In the years since, he has worked on the fun as hell Cannon God Exxaxion manga, and even worked on the anime Solty Rei, but the anime world is truly a different place without him. With that said, I’m sure there is a battery of artists amateur & professional, who regard his work as an influence.

So as to my favorite Sonoda design/character? That one as tough as it seems on the surface, the answer has been clear for many years my friends..(Yes, even I play this game)

Becky Farrah, of course!

Oh…What? You thought I’d forget?

Tatakae, minnasan!

Author: wintermuted

Part-time wandering artifact, part-time student, Wintermuted's travels from the wastelands of California's Coachella Valley have crystallized his love of all-things soulful & strange. A child of the VHS era, and often working for the anime man, his voyages continue onward in the name of bridging generations of Japanese popular art together. Can also be found via , as well as !

6 thoughts on “That’s Character: Where Is Kenichi Sonoda?

  1. So he’s worked on Solty Rei, eh?

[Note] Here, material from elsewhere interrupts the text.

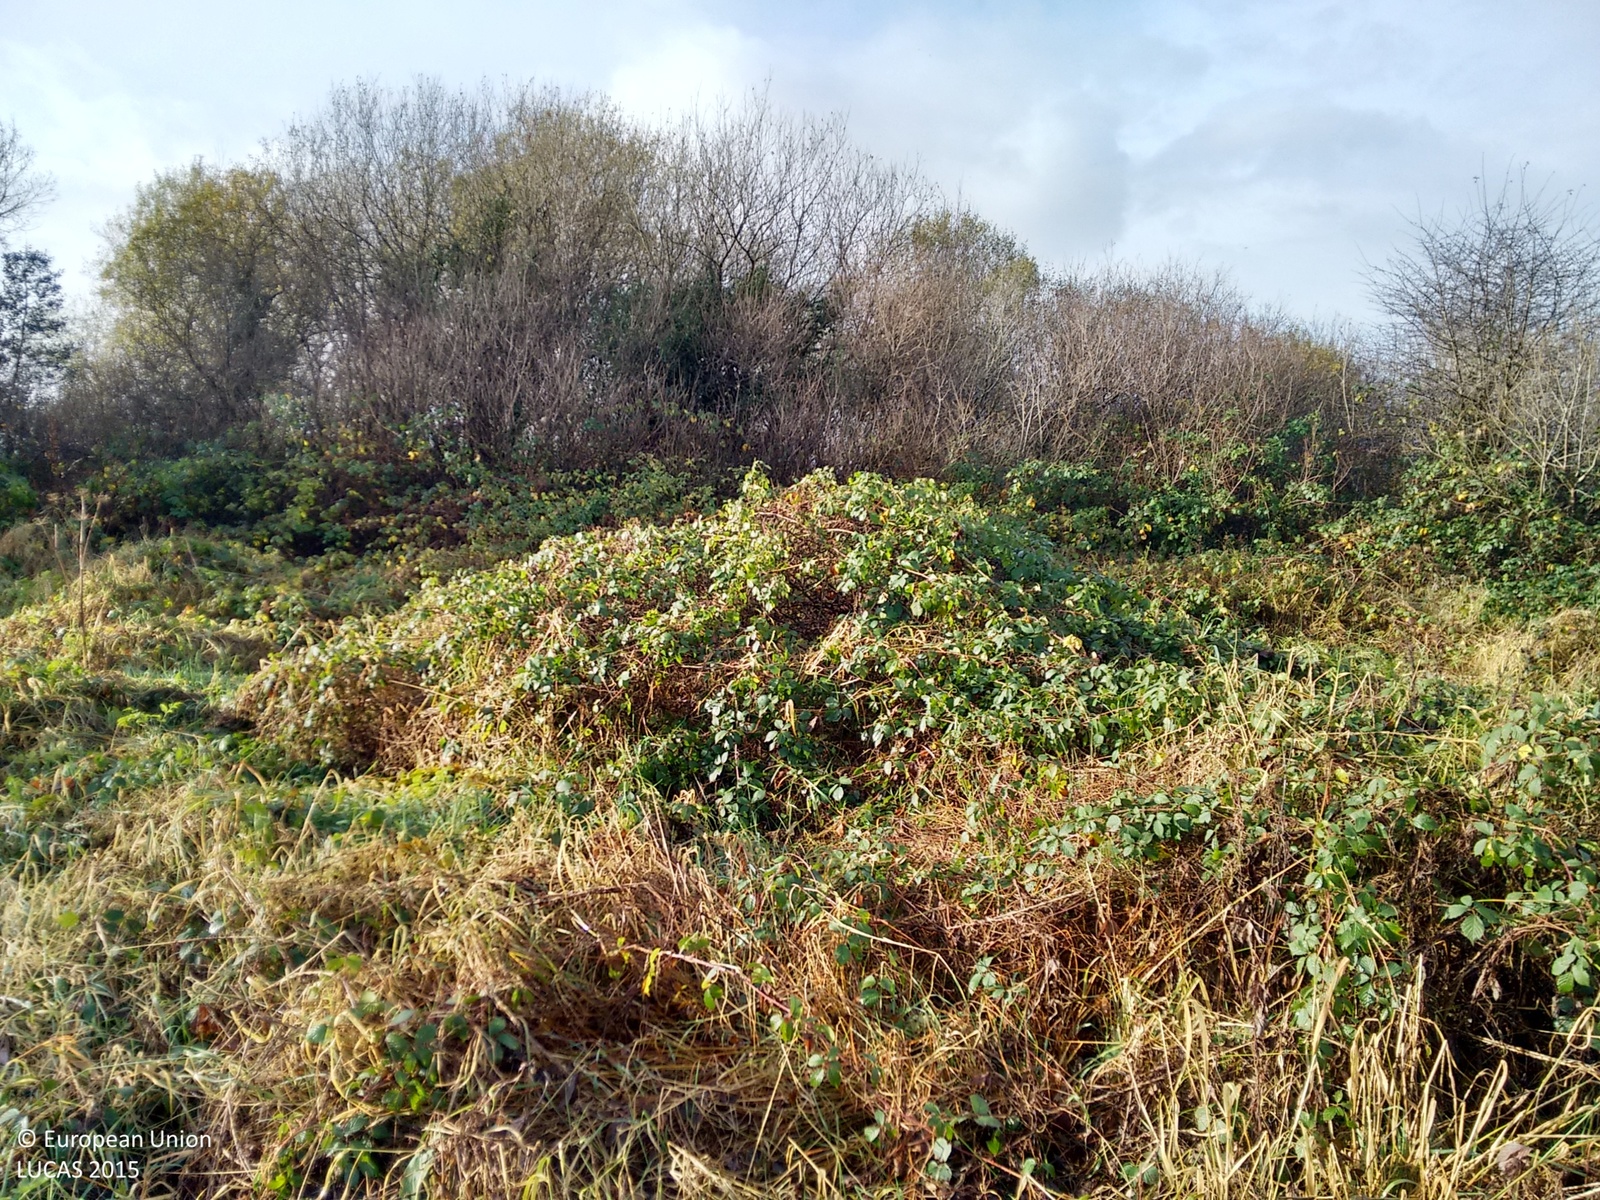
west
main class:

There’s something wonderfully comedic and unique about his designs that I have missed for many years.

    1. Oh, I so agree. There’s a great sense of play at work in his characters that reminds me of how less seriously we have to play the material, and to have some real fun with it. His occasional use of chubby figures is almost Disney-like, and helps sell the alternate reality.

  2. Yeah, I agree recent animes are highly standardized, though I like it since moe fits my taste. Over-uniformity is a unique trait of the Japanese culture.

    Did Gunsmith Cats inspire Cowboy Bebop? The OP looks similar. Very Chicagonian jazz. And bounty hunters.

    It’s interesting to see Chicago politics in the anime. A corrupt Illinois state senator. Recently they had Blago, and now people from Chicago politics are running the country. How strange. Sonoda had premonition, the future of how America looks.

  3. The funny part of this LaMoe, is that I remember reading a story from Carl Horn, where he recalls back in the early 90s, when he, Toren Smith and pals met up with Sonoda, Sadamoto Yoshiyuki, and Yamaga Hiroyuki (that’s right, early GAINAX) upon their visit to San Francisco for not only a con visit, but to research the US for Gunsmith Cats. And I’m guessing they had their fill of horror stories about American political corruption. (Marion Barry, anyone?)They also had a chance to check out a firing range, which I’m sure Sonoda ate up like a happy tyke.:) Sonoda’s an amazing artist with a love for details that compliment the action of speed lines.

  4. That’s amazing. The extensive field research is what made Gunsmith great, hu? No wonder Gunsmith Cats is really detailed. Thanks for sharing an interesting behind the scene episode.